A publication of Appalachian Voices

A publication of Appalachian Voices

The Secret Wisdom of the Earth


The debut novel by Christopher Scotton is a coming-of-age story that takes familiar themes — tragedy and the quest to find healing — and explores them with the backdrop of a central Appalachian community beset by mountaintop removal coal mining.

Set in 1985 in the fictional Medgar, Ky., a richly conceived mountain hamlet populated by colorful characters, “Secret Wisdom of the Earth” traces the summer 14-year-old Kevin Gillooly spent at his mother’s childhood home in the mountains as he comes to grips with the tragic death of his younger brother. Exploring Medgar and the surrounding hills, Scotton uses prose at once elegant and approachable to weave together the stories of longtime residents, close friends and unabashed enemies, including many struggling with whether or not to abide by the bounds of tradition.
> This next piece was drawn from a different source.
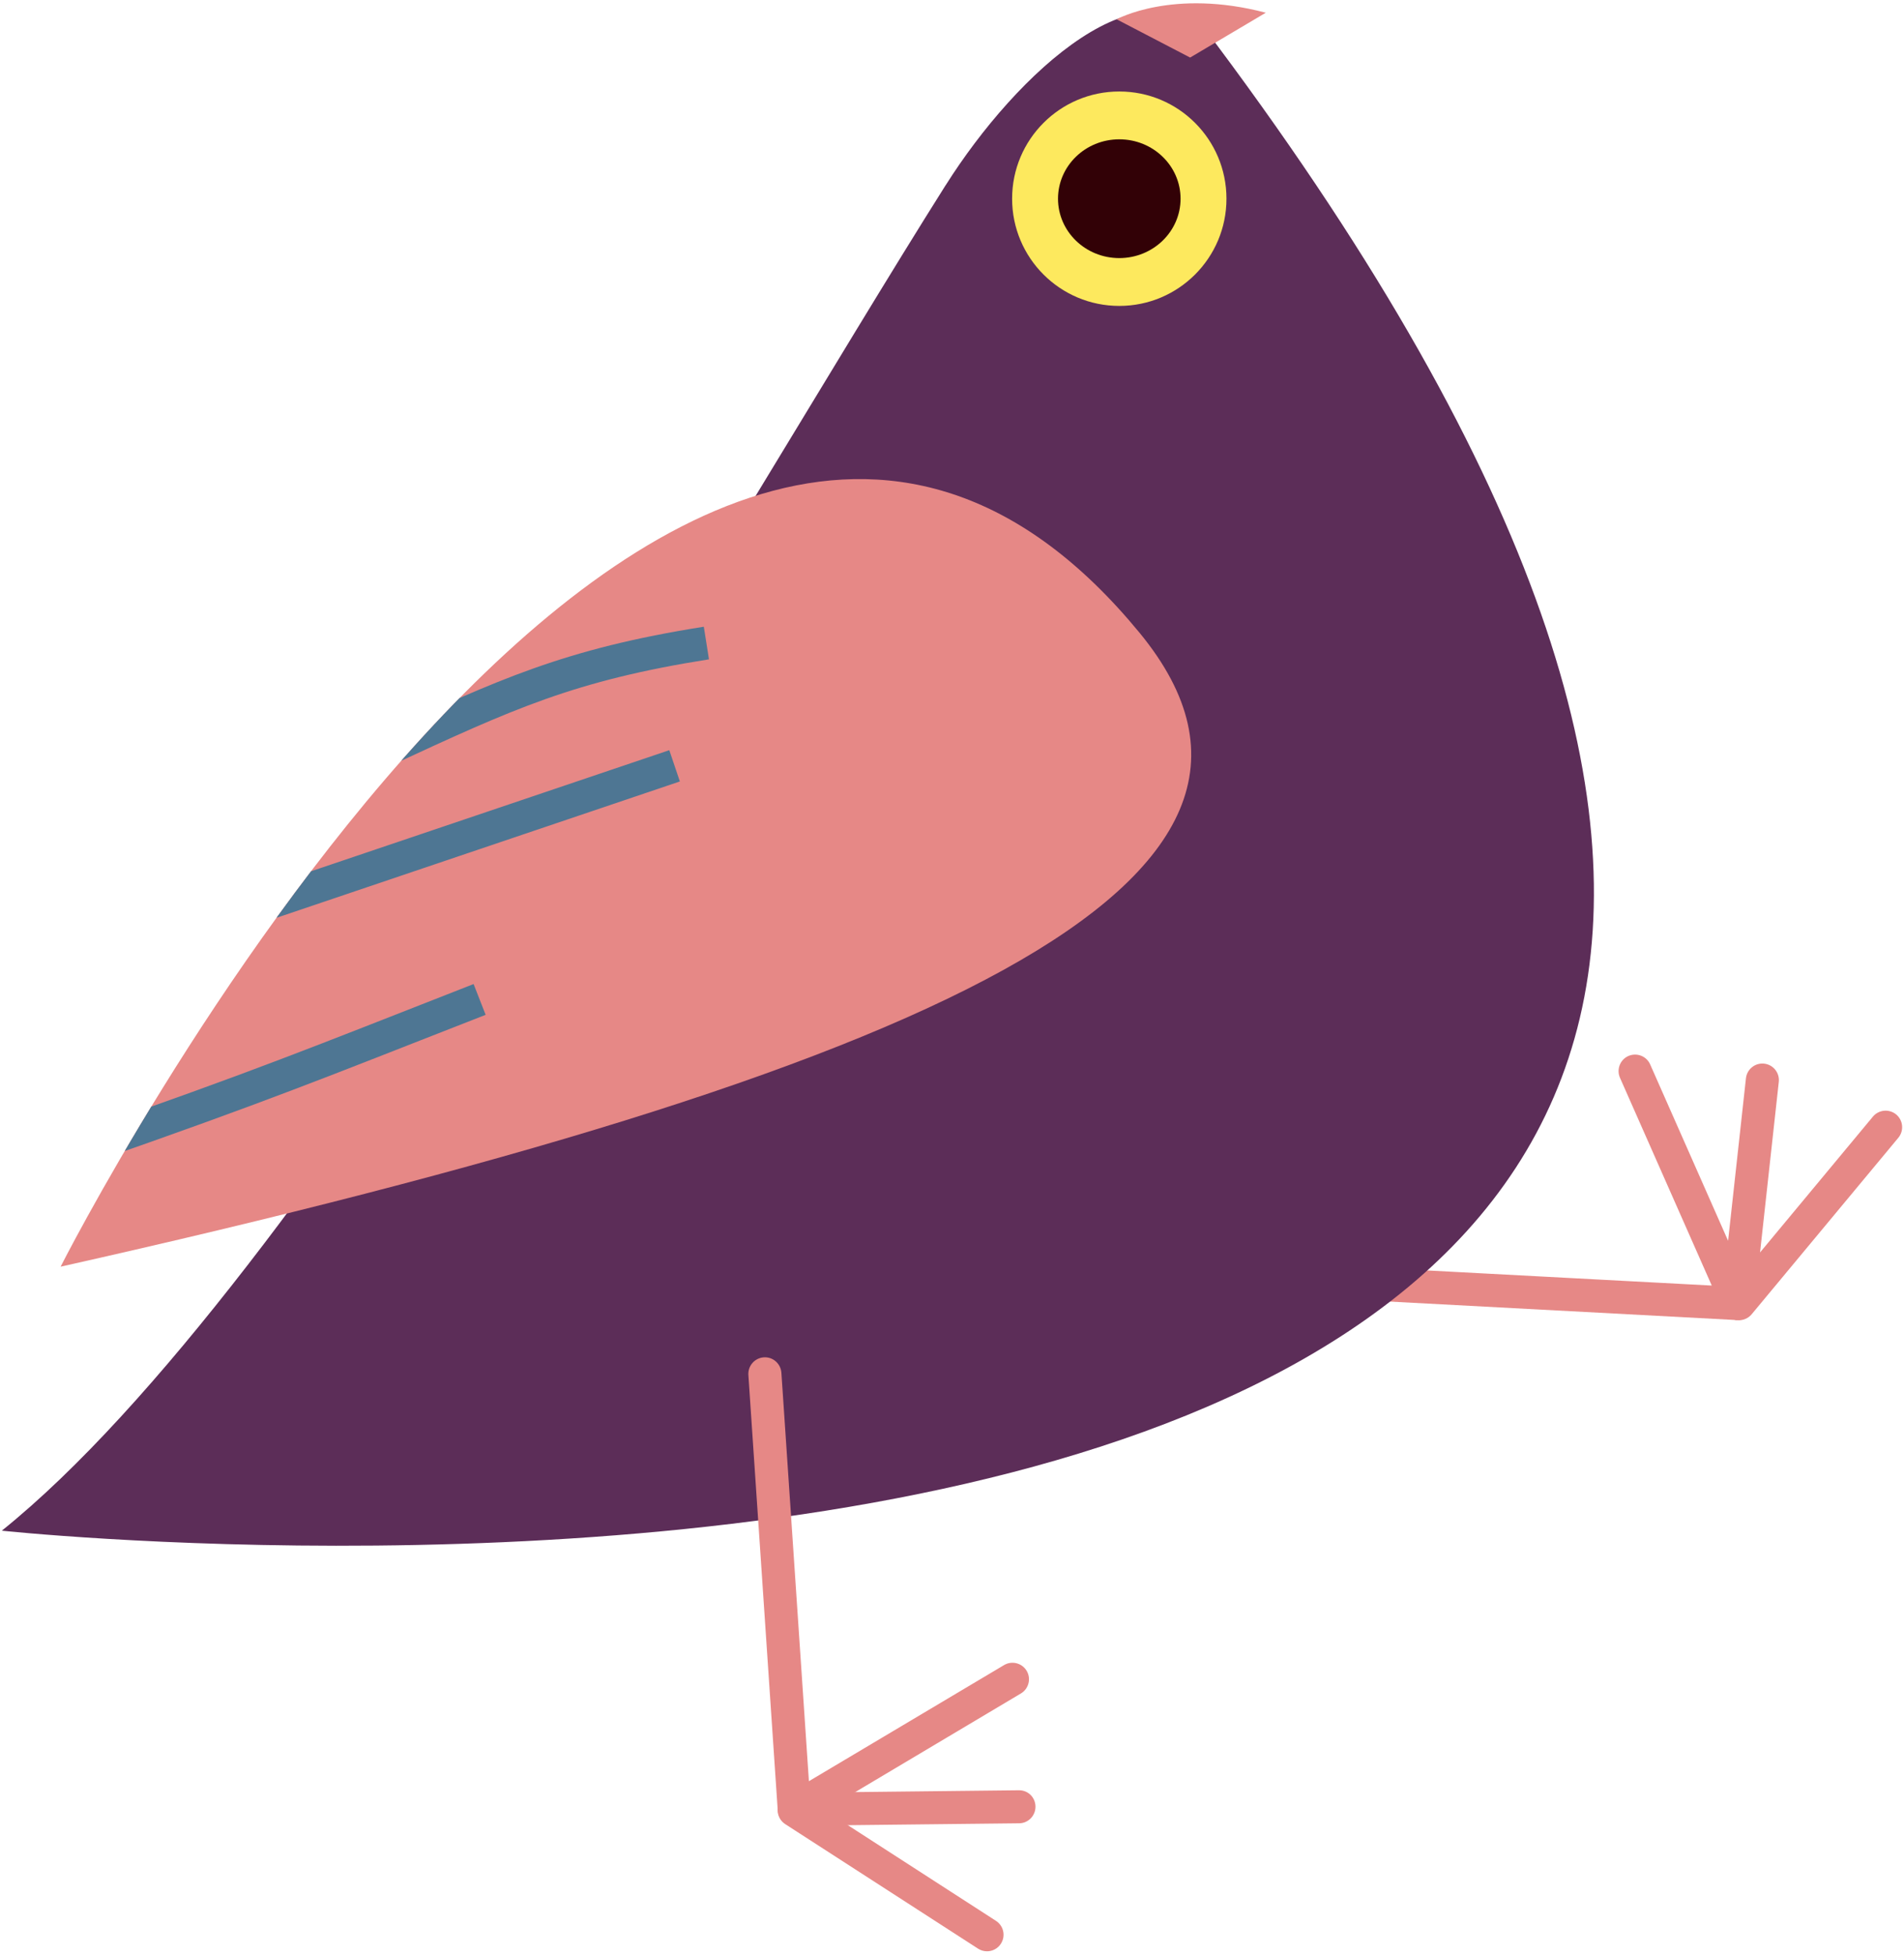 <?xml version="1.0" encoding="UTF-8"?><svg id="Layer_1" xmlns="http://www.w3.org/2000/svg" width="229" height="235" xmlns:xlink="http://www.w3.org/1999/xlink" viewBox="0 0 229 235"><defs><style>.cls-1{clip-path:url(#clippath);}.cls-2,.cls-3{fill:#e68886;}.cls-4{fill:#4e7693;}.cls-4,.cls-5,.cls-6,.cls-7,.cls-3{stroke-width:0px;}.cls-5{fill:#5c2d58;}.cls-6{fill:#320106;}.cls-7{fill:#fde95e;}</style><clipPath id="clippath"><path class="cls-3" d="m7.29,152.29S80.58,7.39,137.06,76.08c24.63,29.95-25.09,52.77-129.77,76.21Z"/></clipPath></defs><path class="cls-3" d="m208.9,158.71l-52.38-2.79c-1.1-.06-1.94-.99-1.88-2.09.06-1.09.98-1.93,2.09-1.88l49.15,2.61-11.04-24.98c-.44-1,.01-2.18,1.01-2.62,1.01-.44,2.18.01,2.62,1.01l12.35,27.94-1.92,2.79Z"/><path class="cls-3" d="m209.02,158.7c-.07,0-.15,0-.22-.01-1.09-.12-1.88-1.1-1.76-2.19l2.95-26.86c.12-1.09,1.1-1.88,2.19-1.76,1.09.12,1.88,1.1,1.76,2.19l-2.95,26.86c-.11,1.02-.97,1.77-1.97,1.77Z"/><path class="cls-3" d="m209.15,158.73c-.45,0-.9-.15-1.27-.46-.84-.7-.96-1.95-.26-2.8l17.64-21.22c.7-.84,1.95-.96,2.8-.26.84.7.96,1.95.26,2.8l-17.64,21.22c-.39.47-.96.72-1.53.72Z"/><path class="cls-5" d="m113.74,22.26C87.52,63.79,36.9,154.53.22,184.03c0,0,303.76,32.59,146.11-178.66-8.44-11.31-24.15,3.52-32.59,16.9Z"/><circle class="cls-7" cx="134.62" cy="23.89" r="12.89"/><ellipse class="cls-6" cx="134.62" cy="23.89" rx="7.37" ry="7.14"/><path class="cls-3" d="m134.3,2.32s6.75-3.74,17.94-.79l-9.1,5.39-8.84-4.6Z"/><path class="cls-2" d="m7.29,152.29S80.58,7.39,137.06,76.08c24.63,29.95-25.09,52.77-129.77,76.21Z"/><g class="cls-1"><path class="cls-4" d="m29.61,99.93l-1.59-3.64c6.93-3.03,12.46-5.59,17.35-7.86,14.53-6.73,22.53-10.43,39.28-13.08l.62,3.92c-16.21,2.56-23.57,5.97-38.23,12.76-4.9,2.27-10.46,4.85-17.43,7.89Z"/><rect class="cls-4" x="2.86" y="102.96" width="80.39" height="3.97" transform="translate(-31.33 19.3) rotate(-18.67)"/><path class="cls-4" d="m2.18,142.84l-1.29-3.76c24.94-8.55,33.18-11.79,48.14-17.66,2.43-.95,5.04-1.98,7.93-3.11l1.45,3.7c-2.89,1.13-5.5,2.15-7.92,3.1-15.01,5.89-23.28,9.14-48.3,17.72Z"/></g><path class="cls-3" d="m96.54,219.22l-3-1.57-3.53-52.34c-.07-1.09.75-2.04,1.85-2.12,1.09-.08,2.04.75,2.12,1.85l3.31,49.11,23.47-13.96c.94-.56,2.16-.25,2.72.69s.25,2.16-.69,2.72l-26.25,15.62Z"/><path class="cls-3" d="m95.54,219.51c-1.09,0-1.97-.87-1.99-1.96-.01-1.1.87-2,1.96-2.01l27.02-.3c1.13-.02,2,.87,2.01,1.96.01,1.1-.87,2-1.96,2.01l-27.02.3h-.02Z"/><path class="cls-3" d="m118.71,234.6c-.37,0-.74-.1-1.08-.32l-23.19-14.97c-.92-.6-1.19-1.82-.59-2.75.59-.92,1.82-1.19,2.75-.59l23.19,14.97c.92.6,1.19,1.82.59,2.75-.38.59-1.02.91-1.67.91Z"/></svg>

In mending his broken life, Kevin develops deep ties with some folks including his stoic grandfather, Pops, and Buzzy, an adventurous local boy with whom he becomes fast friends. Others, like Bubba Boyd, a prideful and blustering coal baron, offer powerful lessons too. The wiser respect the land. The shortsighted concentrate only on what can be taken.

“Men like Bubba Boyd think the Earth owes them a living,” Pops explains. “They take whatever wealth they can from the mountains and move on.”

Though not about environmentalism on the surface, an environmental ethic permeates the novel and gives readers perspective on the threats posed by energy extraction in Appalachia today.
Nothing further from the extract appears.